Physical control over assets and records
o Essentially this category has to do with securing resources so that they are available for future use.
o For instance, a safe or vault secures cash from theft so that it can be available for use by the company tomorrow and the next day after that, etc.
Finally Independent checks on performance
o To ensure that all the controls that have been designed and implemented are actually functioning as designed…someone needs to check or monitor these controls.
o For instance, managers need to check employees work for completeness and accuracy.

Slide 12

The second to last component is information and communication. The dissemination of general and critical information is essential to the well being of an organization. In order for a company to react to immediate opportunities and threats there needs to be a reliable system that can quickly communicate information to the appropriate people.

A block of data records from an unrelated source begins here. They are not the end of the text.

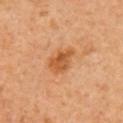Imaged during a routine full-body skin examination; the lesion was not biopsied and no histopathology is available.
The tile uses cross-polarized illumination.
From the right upper arm.
A male subject, in their 60s.
This image is a 15 mm lesion crop taken from a total-body photograph.
Automated tile analysis of the lesion measured two-axis asymmetry of about 0.25. It also reported a lesion color around L≈54 a*≈25 b*≈42 in CIELAB, a lesion–skin lightness drop of about 10, and a lesion-to-skin contrast of about 7.5 (normalized; higher = more distinct).
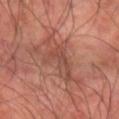Q: Lesion location?
A: the left forearm
Q: What did automated image analysis measure?
A: a lesion area of about 13 mm² and a shape-asymmetry score of about 0.5 (0 = symmetric); an average lesion color of about L≈48 a*≈24 b*≈28 (CIELAB), about 7 CIELAB-L* units darker than the surrounding skin, and a normalized border contrast of about 5.5; a border-irregularity index near 8.5/10 and radial color variation of about 1.5
Q: What are the patient's age and sex?
A: male, aged 63–67
Q: What is the imaging modality?
A: total-body-photography crop, ~15 mm field of view
Q: How large is the lesion?
A: ~6.5 mm (longest diameter)
Q: Illumination type?
A: cross-polarized illumination
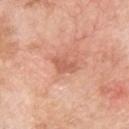A male patient, aged 58 to 62.
The lesion is on the upper back.
A close-up tile cropped from a whole-body skin photograph, about 15 mm across.
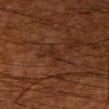workup — catalogued during a skin exam; not biopsied
anatomic site — the right upper arm
tile lighting — cross-polarized
lesion size — ~3 mm (longest diameter)
image-analysis metrics — an average lesion color of about L≈21 a*≈18 b*≈24 (CIELAB), a lesion–skin lightness drop of about 4, and a normalized lesion–skin contrast near 5; a classifier nevus-likeness of about 0/100 and lesion-presence confidence of about 60/100
acquisition — ~15 mm tile from a whole-body skin photo
subject — male, aged 58–62
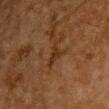The lesion was photographed on a routine skin check and not biopsied; there is no pathology result. A male subject aged approximately 60. The total-body-photography lesion software estimated a footprint of about 3 mm², an outline eccentricity of about 0.7 (0 = round, 1 = elongated), and two-axis asymmetry of about 0.5. The recorded lesion diameter is about 2.5 mm. From the chest. Cropped from a whole-body photographic skin survey; the tile spans about 15 mm.
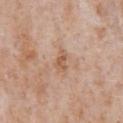Q: Is there a histopathology result?
A: total-body-photography surveillance lesion; no biopsy
Q: How was the tile lit?
A: white-light illumination
Q: What are the patient's age and sex?
A: male, roughly 65 years of age
Q: Where on the body is the lesion?
A: the chest
Q: Lesion size?
A: ≈3 mm
Q: What kind of image is this?
A: 15 mm crop, total-body photography
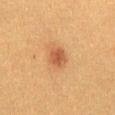| key | value |
|---|---|
| biopsy status | total-body-photography surveillance lesion; no biopsy |
| imaging modality | 15 mm crop, total-body photography |
| patient | female, roughly 40 years of age |
| automated metrics | a mean CIELAB color near L≈45 a*≈21 b*≈33, about 9 CIELAB-L* units darker than the surrounding skin, and a normalized lesion–skin contrast near 7; a border-irregularity rating of about 1.5/10, internal color variation of about 3.5 on a 0–10 scale, and radial color variation of about 1; a lesion-detection confidence of about 100/100 |
| tile lighting | cross-polarized illumination |
| lesion diameter | about 2.5 mm |
| site | the abdomen |
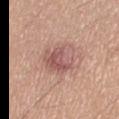{
  "biopsy_status": "not biopsied; imaged during a skin examination",
  "lesion_size": {
    "long_diameter_mm_approx": 5.5
  },
  "site": "right thigh",
  "patient": {
    "sex": "female",
    "age_approx": 45
  },
  "lighting": "white-light",
  "image": {
    "source": "total-body photography crop",
    "field_of_view_mm": 15
  }
}
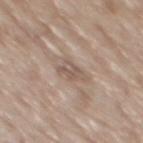  biopsy_status: not biopsied; imaged during a skin examination
  image:
    source: total-body photography crop
    field_of_view_mm: 15
  lesion_size:
    long_diameter_mm_approx: 3.0
  patient:
    sex: male
    age_approx: 70
  lighting: white-light
  site: mid back
  automated_metrics:
    border_irregularity_0_10: 4.5
    color_variation_0_10: 3.5
    peripheral_color_asymmetry: 1.5
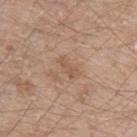Captured during whole-body skin photography for melanoma surveillance; the lesion was not biopsied. A 15 mm close-up extracted from a 3D total-body photography capture. On the arm. A male subject, in their 60s.
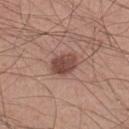| key | value |
|---|---|
| follow-up | imaged on a skin check; not biopsied |
| location | the left lower leg |
| subject | male, about 30 years old |
| imaging modality | ~15 mm tile from a whole-body skin photo |
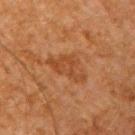Captured during whole-body skin photography for melanoma surveillance; the lesion was not biopsied.
The tile uses cross-polarized illumination.
Measured at roughly 5 mm in maximum diameter.
The lesion is located on the arm.
Cropped from a total-body skin-imaging series; the visible field is about 15 mm.
A male subject, aged approximately 65.
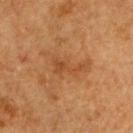follow-up = imaged on a skin check; not biopsied | lighting = cross-polarized illumination | automated metrics = an average lesion color of about L≈42 a*≈22 b*≈35 (CIELAB), roughly 6 lightness units darker than nearby skin, and a normalized lesion–skin contrast near 5.5 | image = ~15 mm crop, total-body skin-cancer survey | patient = male, in their mid- to late 80s or older | site = the head or neck.
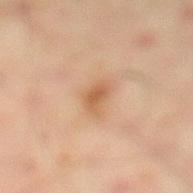Impression:
Part of a total-body skin-imaging series; this lesion was reviewed on a skin check and was not flagged for biopsy.
Context:
The lesion is on the left lower leg. A 15 mm close-up extracted from a 3D total-body photography capture. A male subject, approximately 45 years of age. Imaged with cross-polarized lighting. The total-body-photography lesion software estimated border irregularity of about 3 on a 0–10 scale and a within-lesion color-variation index near 2.5/10. The software also gave lesion-presence confidence of about 100/100.
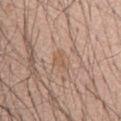follow-up: total-body-photography surveillance lesion; no biopsy | image source: 15 mm crop, total-body photography | patient: male, aged 58 to 62 | body site: the mid back.
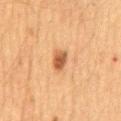Findings:
• workup · no biopsy performed (imaged during a skin exam)
• image · ~15 mm crop, total-body skin-cancer survey
• patient · male, roughly 65 years of age
• body site · the mid back
• TBP lesion metrics · a mean CIELAB color near L≈48 a*≈21 b*≈34, a lesion–skin lightness drop of about 12, and a normalized lesion–skin contrast near 9
• lesion size · ~3 mm (longest diameter)
• illumination · cross-polarized
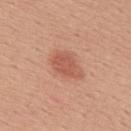Case summary:
• biopsy status — imaged on a skin check; not biopsied
• size — ≈3.5 mm
• imaging modality — total-body-photography crop, ~15 mm field of view
• patient — male, about 55 years old
• body site — the upper back
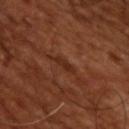Q: Was this lesion biopsied?
A: no biopsy performed (imaged during a skin exam)
Q: How was this image acquired?
A: ~15 mm crop, total-body skin-cancer survey
Q: How was the tile lit?
A: cross-polarized
Q: Patient demographics?
A: male, about 65 years old
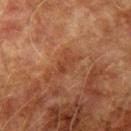Imaged during a routine full-body skin examination; the lesion was not biopsied and no histopathology is available.
From the arm.
The subject is a male approximately 75 years of age.
Cropped from a whole-body photographic skin survey; the tile spans about 15 mm.
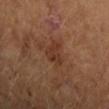<case>
<biopsy_status>not biopsied; imaged during a skin examination</biopsy_status>
<lighting>cross-polarized</lighting>
<image>
  <source>total-body photography crop</source>
  <field_of_view_mm>15</field_of_view_mm>
</image>
<patient>
  <sex>female</sex>
  <age_approx>60</age_approx>
</patient>
<site>arm</site>
<automated_metrics>
  <vs_skin_darker_L>7.0</vs_skin_darker_L>
  <vs_skin_contrast_norm>6.5</vs_skin_contrast_norm>
  <border_irregularity_0_10>4.0</border_irregularity_0_10>
  <color_variation_0_10>3.0</color_variation_0_10>
  <peripheral_color_asymmetry>1.0</peripheral_color_asymmetry>
  <nevus_likeness_0_100>0</nevus_likeness_0_100>
  <lesion_detection_confidence_0_100>100</lesion_detection_confidence_0_100>
</automated_metrics>
</case>
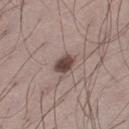{"biopsy_status": "not biopsied; imaged during a skin examination", "lesion_size": {"long_diameter_mm_approx": 2.5}, "automated_metrics": {"area_mm2_approx": 4.5, "eccentricity": 0.65, "shape_asymmetry": 0.15, "cielab_L": 44, "cielab_a": 16, "cielab_b": 20, "vs_skin_darker_L": 15.0, "vs_skin_contrast_norm": 11.0, "color_variation_0_10": 3.5, "peripheral_color_asymmetry": 1.0, "nevus_likeness_0_100": 95, "lesion_detection_confidence_0_100": 100}, "patient": {"sex": "male", "age_approx": 35}, "image": {"source": "total-body photography crop", "field_of_view_mm": 15}, "site": "left thigh"}
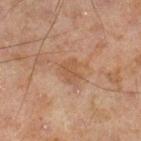Q: Lesion location?
A: the right lower leg
Q: What are the patient's age and sex?
A: male, in their mid-40s
Q: How was this image acquired?
A: ~15 mm tile from a whole-body skin photo
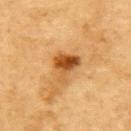{
  "biopsy_status": "not biopsied; imaged during a skin examination",
  "site": "upper back",
  "patient": {
    "sex": "male",
    "age_approx": "85+"
  },
  "image": {
    "source": "total-body photography crop",
    "field_of_view_mm": 15
  }
}
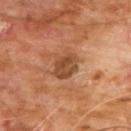follow-up: total-body-photography surveillance lesion; no biopsy
image: ~15 mm tile from a whole-body skin photo
illumination: cross-polarized
subject: male, in their 60s
diameter: ~3.5 mm (longest diameter)
site: the chest
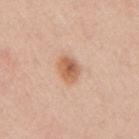| feature | finding |
|---|---|
| notes | catalogued during a skin exam; not biopsied |
| location | the right upper arm |
| TBP lesion metrics | a mean CIELAB color near L≈61 a*≈22 b*≈34, a lesion–skin lightness drop of about 12, and a normalized lesion–skin contrast near 8.5; a border-irregularity index near 1.5/10, a within-lesion color-variation index near 5/10, and peripheral color asymmetry of about 1.5; a nevus-likeness score of about 95/100 and lesion-presence confidence of about 100/100 |
| patient | female, aged approximately 40 |
| diameter | about 3 mm |
| image | total-body-photography crop, ~15 mm field of view |
| lighting | white-light |
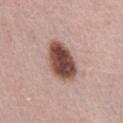<lesion>
<automated_metrics>
  <border_irregularity_0_10>1.5</border_irregularity_0_10>
  <color_variation_0_10>5.5</color_variation_0_10>
  <nevus_likeness_0_100>95</nevus_likeness_0_100>
  <lesion_detection_confidence_0_100>100</lesion_detection_confidence_0_100>
</automated_metrics>
<site>mid back</site>
<image>
  <source>total-body photography crop</source>
  <field_of_view_mm>15</field_of_view_mm>
</image>
<lesion_size>
  <long_diameter_mm_approx>5.0</long_diameter_mm_approx>
</lesion_size>
<lighting>white-light</lighting>
<patient>
  <sex>male</sex>
  <age_approx>65</age_approx>
</patient>
</lesion>
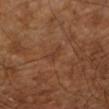patient:
  age_approx: 65
site: leg
lesion_size:
  long_diameter_mm_approx: 2.5
lighting: cross-polarized
image:
  source: total-body photography crop
  field_of_view_mm: 15
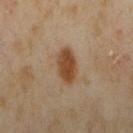No biopsy was performed on this lesion — it was imaged during a full skin examination and was not determined to be concerning.
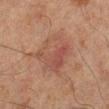| key | value |
|---|---|
| notes | no biopsy performed (imaged during a skin exam) |
| body site | the right lower leg |
| patient | male, aged 63 to 67 |
| lesion size | ≈5.5 mm |
| acquisition | total-body-photography crop, ~15 mm field of view |
| lighting | cross-polarized |
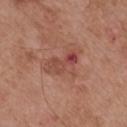Clinical impression: Recorded during total-body skin imaging; not selected for excision or biopsy. Clinical summary: The lesion's longest dimension is about 5 mm. A male patient, aged approximately 55. From the mid back. A close-up tile cropped from a whole-body skin photograph, about 15 mm across. Imaged with white-light lighting.
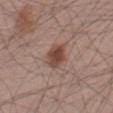Approximately 3.5 mm at its widest.
Imaged with white-light lighting.
A close-up tile cropped from a whole-body skin photograph, about 15 mm across.
The patient is a male in their mid- to late 40s.
Located on the right thigh.
Automated tile analysis of the lesion measured a footprint of about 7 mm², an eccentricity of roughly 0.65, and a symmetry-axis asymmetry near 0.2. The analysis additionally found a lesion color around L≈46 a*≈19 b*≈25 in CIELAB, roughly 11 lightness units darker than nearby skin, and a normalized border contrast of about 9.
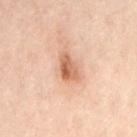notes: imaged on a skin check; not biopsied.
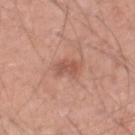Clinical impression:
Part of a total-body skin-imaging series; this lesion was reviewed on a skin check and was not flagged for biopsy.
Context:
The lesion-visualizer software estimated a lesion area of about 3.5 mm², a shape eccentricity near 0.8, and a shape-asymmetry score of about 0.3 (0 = symmetric). And it measured a lesion color around L≈54 a*≈25 b*≈28 in CIELAB, about 9 CIELAB-L* units darker than the surrounding skin, and a normalized border contrast of about 6. The analysis additionally found an automated nevus-likeness rating near 20 out of 100 and a lesion-detection confidence of about 100/100. The subject is a male aged 53–57. A 15 mm close-up extracted from a 3D total-body photography capture. Located on the right lower leg. About 2.5 mm across. The tile uses white-light illumination.
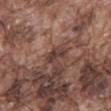| feature | finding |
|---|---|
| workup | imaged on a skin check; not biopsied |
| illumination | white-light illumination |
| image-analysis metrics | border irregularity of about 4.5 on a 0–10 scale, a within-lesion color-variation index near 1/10, and a peripheral color-asymmetry measure near 0.5; an automated nevus-likeness rating near 0 out of 100 and lesion-presence confidence of about 70/100 |
| patient | male, roughly 75 years of age |
| anatomic site | the back |
| lesion size | ~2.5 mm (longest diameter) |
| image | ~15 mm tile from a whole-body skin photo |
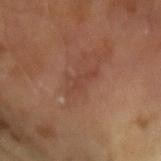{"lesion_size": {"long_diameter_mm_approx": 3.5}, "lighting": "cross-polarized", "patient": {"sex": "male", "age_approx": 65}, "image": {"source": "total-body photography crop", "field_of_view_mm": 15}}
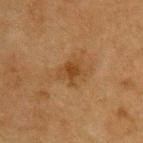Notes:
• biopsy status — imaged on a skin check; not biopsied
• lighting — cross-polarized illumination
• body site — the upper back
• diameter — about 3 mm
• subject — male, aged around 75
• image source — ~15 mm tile from a whole-body skin photo
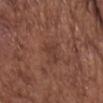size = ~3 mm (longest diameter) | lighting = white-light illumination | automated metrics = a lesion area of about 3 mm² and an eccentricity of roughly 0.9; a lesion color around L≈37 a*≈21 b*≈25 in CIELAB, roughly 6 lightness units darker than nearby skin, and a normalized border contrast of about 5.5; a border-irregularity rating of about 5.5/10, a within-lesion color-variation index near 0/10, and radial color variation of about 0; a classifier nevus-likeness of about 0/100 and a lesion-detection confidence of about 100/100 | image source = total-body-photography crop, ~15 mm field of view | patient = male, roughly 75 years of age | site = the chest.
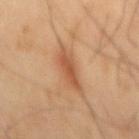Assessment: Recorded during total-body skin imaging; not selected for excision or biopsy. Image and clinical context: Longest diameter approximately 5.5 mm. Cropped from a whole-body photographic skin survey; the tile spans about 15 mm. The lesion-visualizer software estimated a lesion area of about 8.5 mm², a shape eccentricity near 0.9, and a symmetry-axis asymmetry near 0.3. The software also gave lesion-presence confidence of about 100/100. Captured under cross-polarized illumination. On the back. A male subject, approximately 45 years of age.
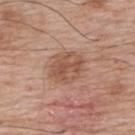Impression: The lesion was tiled from a total-body skin photograph and was not biopsied. Image and clinical context: The lesion is on the upper back. A lesion tile, about 15 mm wide, cut from a 3D total-body photograph. The subject is a male aged approximately 70.
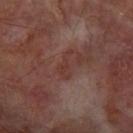The lesion was tiled from a total-body skin photograph and was not biopsied.
The tile uses cross-polarized illumination.
A region of skin cropped from a whole-body photographic capture, roughly 15 mm wide.
The subject is a male aged around 65.
The lesion is located on the arm.
Longest diameter approximately 3.5 mm.
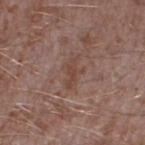| key | value |
|---|---|
| workup | total-body-photography surveillance lesion; no biopsy |
| image | ~15 mm crop, total-body skin-cancer survey |
| size | about 3.5 mm |
| subject | male, approximately 45 years of age |
| TBP lesion metrics | a lesion area of about 5 mm², an eccentricity of roughly 0.85, and two-axis asymmetry of about 0.45; a border-irregularity rating of about 6/10 and peripheral color asymmetry of about 0.5 |
| anatomic site | the right thigh |
| tile lighting | white-light |
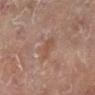The lesion was photographed on a routine skin check and not biopsied; there is no pathology result. From the left leg. This image is a 15 mm lesion crop taken from a total-body photograph. A female patient, about 80 years old.
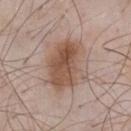Notes:
- follow-up: imaged on a skin check; not biopsied
- diameter: ~6.5 mm (longest diameter)
- location: the chest
- image-analysis metrics: a border-irregularity index near 3/10 and a peripheral color-asymmetry measure near 2.5
- tile lighting: white-light illumination
- patient: male, about 55 years old
- imaging modality: ~15 mm tile from a whole-body skin photo
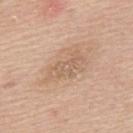biopsy_status: not biopsied; imaged during a skin examination
patient:
  sex: male
  age_approx: 50
lesion_size:
  long_diameter_mm_approx: 4.5
image:
  source: total-body photography crop
  field_of_view_mm: 15
site: mid back
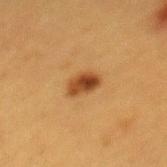Recorded during total-body skin imaging; not selected for excision or biopsy. Cropped from a whole-body photographic skin survey; the tile spans about 15 mm. Located on the mid back. The subject is a female about 40 years old. The lesion's longest dimension is about 3.5 mm. An algorithmic analysis of the crop reported a mean CIELAB color near L≈38 a*≈20 b*≈34, a lesion–skin lightness drop of about 12, and a lesion-to-skin contrast of about 10 (normalized; higher = more distinct). It also reported a nevus-likeness score of about 100/100 and a lesion-detection confidence of about 100/100.
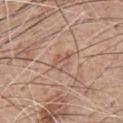Recorded during total-body skin imaging; not selected for excision or biopsy. A roughly 15 mm field-of-view crop from a total-body skin photograph. The subject is a male in their 60s. The lesion is located on the chest.
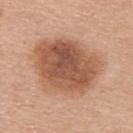Impression: Imaged during a routine full-body skin examination; the lesion was not biopsied and no histopathology is available. Clinical summary: Measured at roughly 8 mm in maximum diameter. Cropped from a whole-body photographic skin survey; the tile spans about 15 mm. Imaged with white-light lighting. Located on the upper back. The subject is a female about 40 years old.
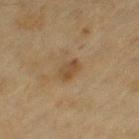Part of a total-body skin-imaging series; this lesion was reviewed on a skin check and was not flagged for biopsy. Longest diameter approximately 3 mm. From the left thigh. A lesion tile, about 15 mm wide, cut from a 3D total-body photograph. Automated image analysis of the tile measured a lesion area of about 4.5 mm², an outline eccentricity of about 0.85 (0 = round, 1 = elongated), and two-axis asymmetry of about 0.2. The analysis additionally found a border-irregularity rating of about 2/10, internal color variation of about 2 on a 0–10 scale, and a peripheral color-asymmetry measure near 1. It also reported a nevus-likeness score of about 10/100 and a detector confidence of about 100 out of 100 that the crop contains a lesion. The patient is a female in their mid- to late 50s.
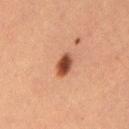The lesion's longest dimension is about 3 mm. The lesion is located on the leg. A close-up tile cropped from a whole-body skin photograph, about 15 mm across. A female patient, in their 40s.
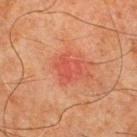  biopsy_status: not biopsied; imaged during a skin examination
  lesion_size:
    long_diameter_mm_approx: 3.0
  image:
    source: total-body photography crop
    field_of_view_mm: 15
  lighting: cross-polarized
  patient:
    sex: male
    age_approx: 65
  site: chest
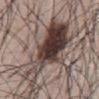Notes:
* notes: no biopsy performed (imaged during a skin exam)
* image-analysis metrics: a footprint of about 32 mm² and an outline eccentricity of about 0.85 (0 = round, 1 = elongated); a lesion color around L≈40 a*≈13 b*≈19 in CIELAB, about 18 CIELAB-L* units darker than the surrounding skin, and a lesion-to-skin contrast of about 13.5 (normalized; higher = more distinct); a peripheral color-asymmetry measure near 4.5; a nevus-likeness score of about 100/100 and a lesion-detection confidence of about 100/100
* size: about 10.5 mm
* imaging modality: ~15 mm crop, total-body skin-cancer survey
* illumination: white-light illumination
* site: the abdomen
* patient: male, approximately 70 years of age
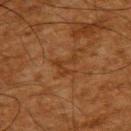No biopsy was performed on this lesion — it was imaged during a full skin examination and was not determined to be concerning. A male subject in their mid-60s. Cropped from a whole-body photographic skin survey; the tile spans about 15 mm. The recorded lesion diameter is about 3 mm. The lesion is on the upper back. Captured under cross-polarized illumination.
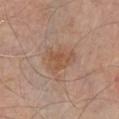| key | value |
|---|---|
| diameter | about 4 mm |
| patient | male, aged 78–82 |
| illumination | white-light |
| acquisition | ~15 mm crop, total-body skin-cancer survey |
| automated metrics | a mean CIELAB color near L≈53 a*≈19 b*≈31, roughly 7 lightness units darker than nearby skin, and a normalized border contrast of about 6; border irregularity of about 4 on a 0–10 scale, a color-variation rating of about 3/10, and radial color variation of about 1 |
| site | the left upper arm |
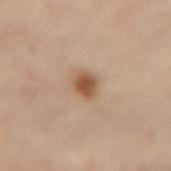Assessment: The lesion was photographed on a routine skin check and not biopsied; there is no pathology result. Clinical summary: The tile uses cross-polarized illumination. A close-up tile cropped from a whole-body skin photograph, about 15 mm across. The lesion is located on the lower back. The patient is a female approximately 60 years of age.
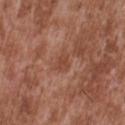Captured during whole-body skin photography for melanoma surveillance; the lesion was not biopsied.
Approximately 3 mm at its widest.
An algorithmic analysis of the crop reported border irregularity of about 3.5 on a 0–10 scale and radial color variation of about 0.5.
The subject is a male aged approximately 45.
A roughly 15 mm field-of-view crop from a total-body skin photograph.
The tile uses white-light illumination.
On the upper back.
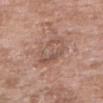Q: Who is the patient?
A: female, aged 68–72
Q: How large is the lesion?
A: about 6 mm
Q: How was this image acquired?
A: total-body-photography crop, ~15 mm field of view
Q: Where on the body is the lesion?
A: the arm
Q: What lighting was used for the tile?
A: white-light illumination
Q: Automated lesion metrics?
A: border irregularity of about 2.5 on a 0–10 scale, a color-variation rating of about 6/10, and a peripheral color-asymmetry measure near 2; a nevus-likeness score of about 0/100 and a detector confidence of about 100 out of 100 that the crop contains a lesion
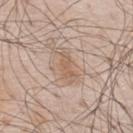* site — the mid back
* imaging modality — ~15 mm tile from a whole-body skin photo
* lighting — white-light
* patient — male, approximately 80 years of age
* lesion size — ≈4.5 mm
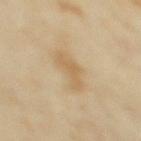No biopsy was performed on this lesion — it was imaged during a full skin examination and was not determined to be concerning. Cropped from a total-body skin-imaging series; the visible field is about 15 mm. Automated tile analysis of the lesion measured a footprint of about 8 mm², an outline eccentricity of about 0.8 (0 = round, 1 = elongated), and a symmetry-axis asymmetry near 0.3. The analysis additionally found a border-irregularity index near 4/10, a within-lesion color-variation index near 2/10, and a peripheral color-asymmetry measure near 0.5. The patient is a female roughly 35 years of age. Longest diameter approximately 4 mm. On the upper back. The tile uses cross-polarized illumination.
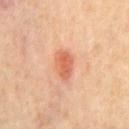lesion_size:
  long_diameter_mm_approx: 3.5
patient:
  sex: male
  age_approx: 70
site: chest
lighting: cross-polarized
automated_metrics:
  border_irregularity_0_10: 1.5
  color_variation_0_10: 3.0
  peripheral_color_asymmetry: 1.0
image:
  source: total-body photography crop
  field_of_view_mm: 15
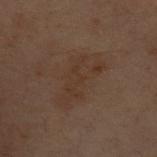| key | value |
|---|---|
| workup | total-body-photography surveillance lesion; no biopsy |
| image | total-body-photography crop, ~15 mm field of view |
| anatomic site | the left forearm |
| subject | female, aged around 55 |
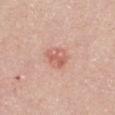On the chest.
This is a white-light tile.
The subject is a female in their mid-50s.
A lesion tile, about 15 mm wide, cut from a 3D total-body photograph.
About 3.5 mm across.
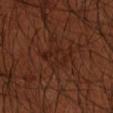This lesion was catalogued during total-body skin photography and was not selected for biopsy. On the left arm. A 15 mm crop from a total-body photograph taken for skin-cancer surveillance. A male subject, in their 50s. The recorded lesion diameter is about 4 mm.
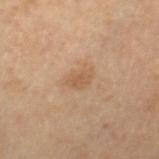The lesion was tiled from a total-body skin photograph and was not biopsied.
The recorded lesion diameter is about 3 mm.
The patient is a male aged 63 to 67.
The lesion is located on the right thigh.
Captured under cross-polarized illumination.
A region of skin cropped from a whole-body photographic capture, roughly 15 mm wide.
Automated image analysis of the tile measured a lesion area of about 4 mm². And it measured a lesion color around L≈57 a*≈19 b*≈34 in CIELAB, about 7 CIELAB-L* units darker than the surrounding skin, and a normalized border contrast of about 5.5. The analysis additionally found an automated nevus-likeness rating near 15 out of 100.
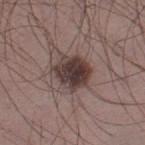* notes: imaged on a skin check; not biopsied
* site: the leg
* lighting: white-light illumination
* lesion diameter: about 4 mm
* subject: male, approximately 35 years of age
* imaging modality: ~15 mm crop, total-body skin-cancer survey
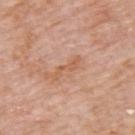Clinical impression:
This lesion was catalogued during total-body skin photography and was not selected for biopsy.
Acquisition and patient details:
Located on the upper back. A male subject, aged 73–77. This image is a 15 mm lesion crop taken from a total-body photograph. Imaged with white-light lighting.
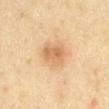Clinical impression:
Recorded during total-body skin imaging; not selected for excision or biopsy.
Acquisition and patient details:
The total-body-photography lesion software estimated a footprint of about 6.5 mm² and two-axis asymmetry of about 0.15. It also reported a border-irregularity index near 2/10 and radial color variation of about 1. It also reported an automated nevus-likeness rating near 75 out of 100. Captured under cross-polarized illumination. Cropped from a whole-body photographic skin survey; the tile spans about 15 mm. Longest diameter approximately 3 mm. A male patient about 45 years old. The lesion is located on the mid back.
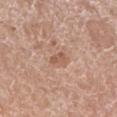Recorded during total-body skin imaging; not selected for excision or biopsy.
The subject is a female about 75 years old.
The lesion is located on the left lower leg.
This image is a 15 mm lesion crop taken from a total-body photograph.
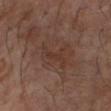image: 15 mm crop, total-body photography | illumination: cross-polarized | site: the left forearm | patient: male, in their mid-60s.
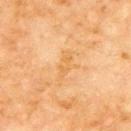image source = ~15 mm tile from a whole-body skin photo
patient = male, in their 70s
tile lighting = cross-polarized illumination
body site = the chest
diameter = ≈4 mm
TBP lesion metrics = a lesion color around L≈56 a*≈18 b*≈40 in CIELAB and a normalized lesion–skin contrast near 5; a nevus-likeness score of about 0/100
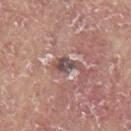<lesion>
<biopsy_status>not biopsied; imaged during a skin examination</biopsy_status>
<patient>
  <sex>male</sex>
  <age_approx>65</age_approx>
</patient>
<site>left upper arm</site>
<lesion_size>
  <long_diameter_mm_approx>3.0</long_diameter_mm_approx>
</lesion_size>
<image>
  <source>total-body photography crop</source>
  <field_of_view_mm>15</field_of_view_mm>
</image>
<lighting>white-light</lighting>
<automated_metrics>
  <border_irregularity_0_10>3.5</border_irregularity_0_10>
  <nevus_likeness_0_100>0</nevus_likeness_0_100>
  <lesion_detection_confidence_0_100>90</lesion_detection_confidence_0_100>
</automated_metrics>
</lesion>

As with general information, an entity’s accounting information and communication system must be able to identify, assemble, classify, analyze, record, and report the entity’s transactions to the decision makers. These decision makers need confidence in this system in order to make the best decisions for the organization.

Slide 13

Good accounting information and Communication systems have seven control objectives
1. the information can be validated
2. transaction authorization is complete
3. the elements of the transaction are complete…for instance all source documents are available to support the transaction
4. classification follows the organizations guidelines
5. the information is timely for any relevant decisions
6. the information has correct valuation
7. and finally the information is posted and summarized into useful reports

Slide 14

The final component of internal controls is monitoring. Management needs to regularly check internal controls to assure themselves that the controls are still functioning as designed. It is also important that internal controls are routinely evaluated and modified as appropriate for changes in business conditions.